The Commentariat -- Oct. 3 & 4, 2015
Internal links & defunct video removed.
CW: I'll be out for all or most of the weekend. Also, the NYT seems to be having some problems: between 1:52 am ET & 5:40 am (so far), they haven't added any content.
Michael Crowley of Politico: "Vladimir Putin is weak, Russia faces a 'quagmire' in Syria, and critics of U.S. policy in Syria are talking 'mumbo-jumbo.' That was President Barack Obama's defiant take at a White House press conference on Friday afternoon, at which he fielded questions about Russia's surprise air strikes on Syrian rebels." CW: Sorry I missed this earlier; it wasn't on the White House schedule as of late Friday morning. ...
... Peter Schroeder of the Hill: "President Obama vowed Friday that he would not sign another short-term funding measure, pushing lawmakers to craft a long-term budget agreement. Speaking to the press two days after signing a two-month continuing resolution to keep the government from shutting down, Obama said that would be the last he is willing to tolerate. Government funding is now set to expire Dec. 11 after the latest agreement." ...
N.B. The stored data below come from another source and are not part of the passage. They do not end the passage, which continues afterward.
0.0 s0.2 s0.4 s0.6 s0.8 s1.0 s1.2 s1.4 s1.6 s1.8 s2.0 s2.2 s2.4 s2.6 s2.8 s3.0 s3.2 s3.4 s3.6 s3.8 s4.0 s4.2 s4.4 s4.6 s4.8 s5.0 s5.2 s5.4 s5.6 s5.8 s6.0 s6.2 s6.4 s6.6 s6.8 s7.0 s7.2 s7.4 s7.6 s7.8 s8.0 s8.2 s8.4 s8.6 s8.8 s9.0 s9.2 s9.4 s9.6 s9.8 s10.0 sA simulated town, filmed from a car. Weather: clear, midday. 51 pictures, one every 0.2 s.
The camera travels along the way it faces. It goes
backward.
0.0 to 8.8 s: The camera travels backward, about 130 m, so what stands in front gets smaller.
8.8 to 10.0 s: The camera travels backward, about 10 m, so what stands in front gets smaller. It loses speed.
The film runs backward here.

... The presser begins at about 19 minutes in:
White House: "In this week's address, the President emphasized that we need to do everything we can to strengthen economic growth and job creation":
... Also see clip under Presidential Race. ...
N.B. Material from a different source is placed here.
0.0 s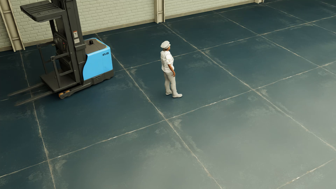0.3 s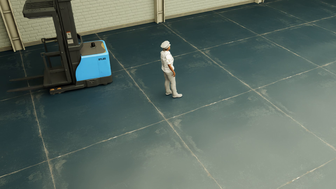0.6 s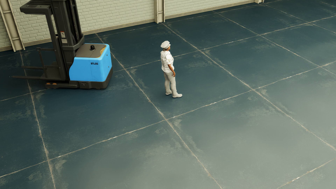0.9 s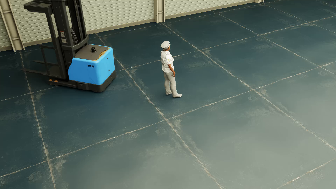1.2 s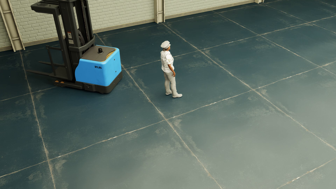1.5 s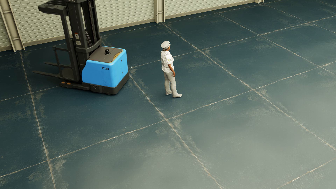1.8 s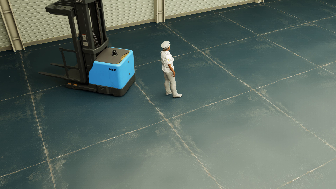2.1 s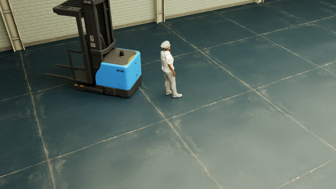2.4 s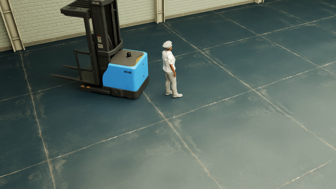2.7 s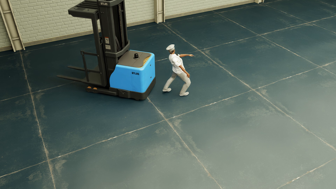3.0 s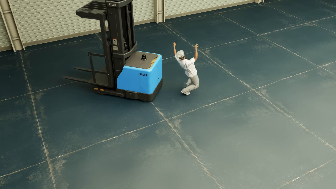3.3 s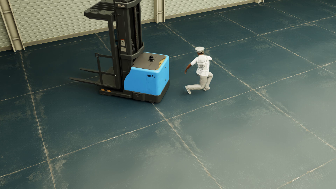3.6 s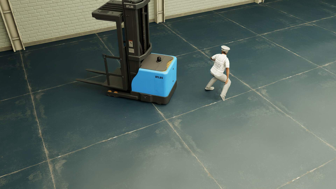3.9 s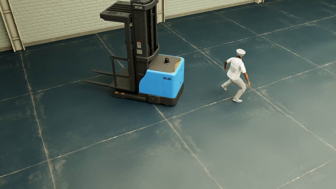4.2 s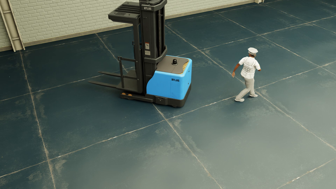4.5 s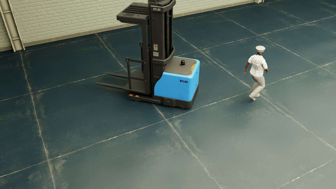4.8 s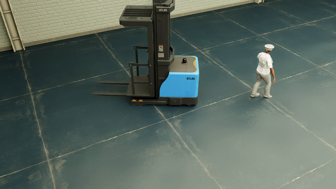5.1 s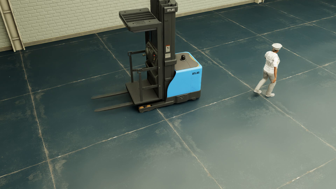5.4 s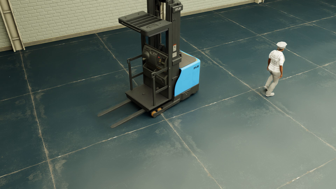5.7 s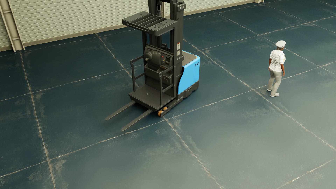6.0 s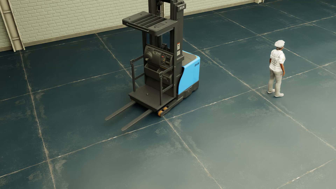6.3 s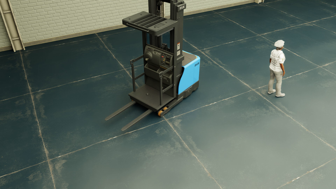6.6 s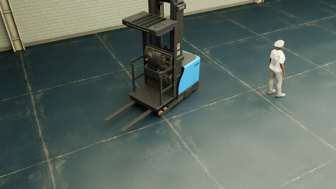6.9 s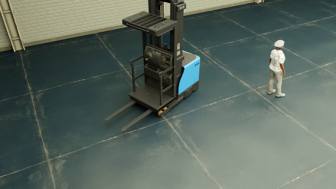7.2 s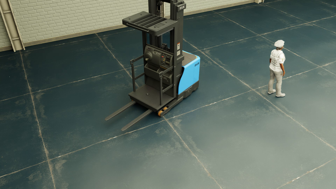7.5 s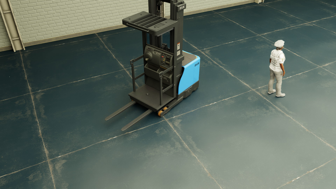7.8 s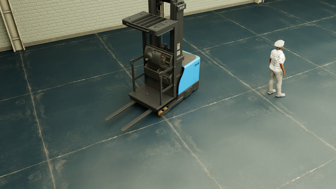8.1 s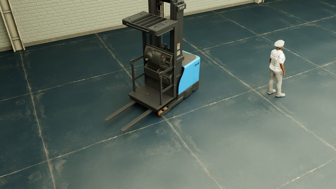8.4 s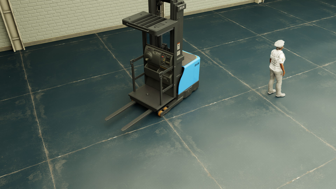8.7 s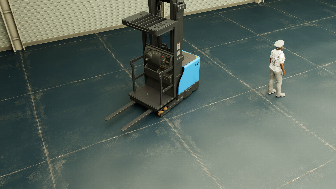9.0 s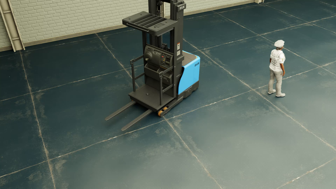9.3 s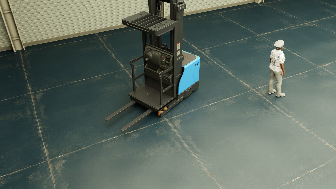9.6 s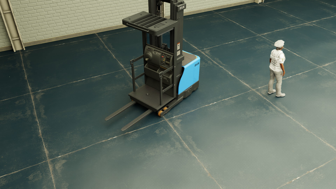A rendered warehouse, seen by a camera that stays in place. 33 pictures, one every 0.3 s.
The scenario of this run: Near miss between a forklift and a person.

... ** Daniel Drezner (a fairly conservative writer) in the Washington Post: "The most obvious difference between tea party conservatives and [President] Obama is their divergence on a host of policy issues. But another significant difference is that the president, like [Speaker] Boehner, is a traditional politician who recognizes the limits of what can be accomplished without political support. This president has not been afraid to use his executive branch powers to enact controversial policies, but he also recognizes the hard limits of that approach." ...
Rachel Bade & John Bresnanhan of Politico: "House Oversightand Government Affairs Chairman Jason Chaffetz [RTP-Utah] is planning to run for House speaker, taking on Majority Leader Kevin McCarthy in what appears to be a long-shot bid to lead House Republicans, according to multiple sources." ...
.. Oops! I Forgot. Secret Service Director Joseph Clancey suddenly remembers he did know about agency personnel circulating an e-mail urging the Service to publicize the fact that Jason Chaffetz once unsuccessfully applied for a Secret Service job. Carol Leonnig & Jerry Markon of the Washington Post report: "The director of the Secret Service knew that unflattering, private information about a congressman was circulating among agency staff members before it was leaked to the news media, contrary to an earlier statement made to federal investigators.... President Obama picked Clancy as director this year against the advice of an administration panel of experts, who urged selecting an outsider to help improve the Secret Service. Clancy is a 27-year veteran of the agency." CW: Now, this is something actually worthy of an investigation by Chaffetz's House Oversight Committee, but I guess it would look bad for a public official to investigate why federal agents would break privacy laws to humiliate him. So Planned Parenthood. Because beating up on Cecile Richards looks so manly. And somewhere there's an Obama advisor saying, "Toljaso." ...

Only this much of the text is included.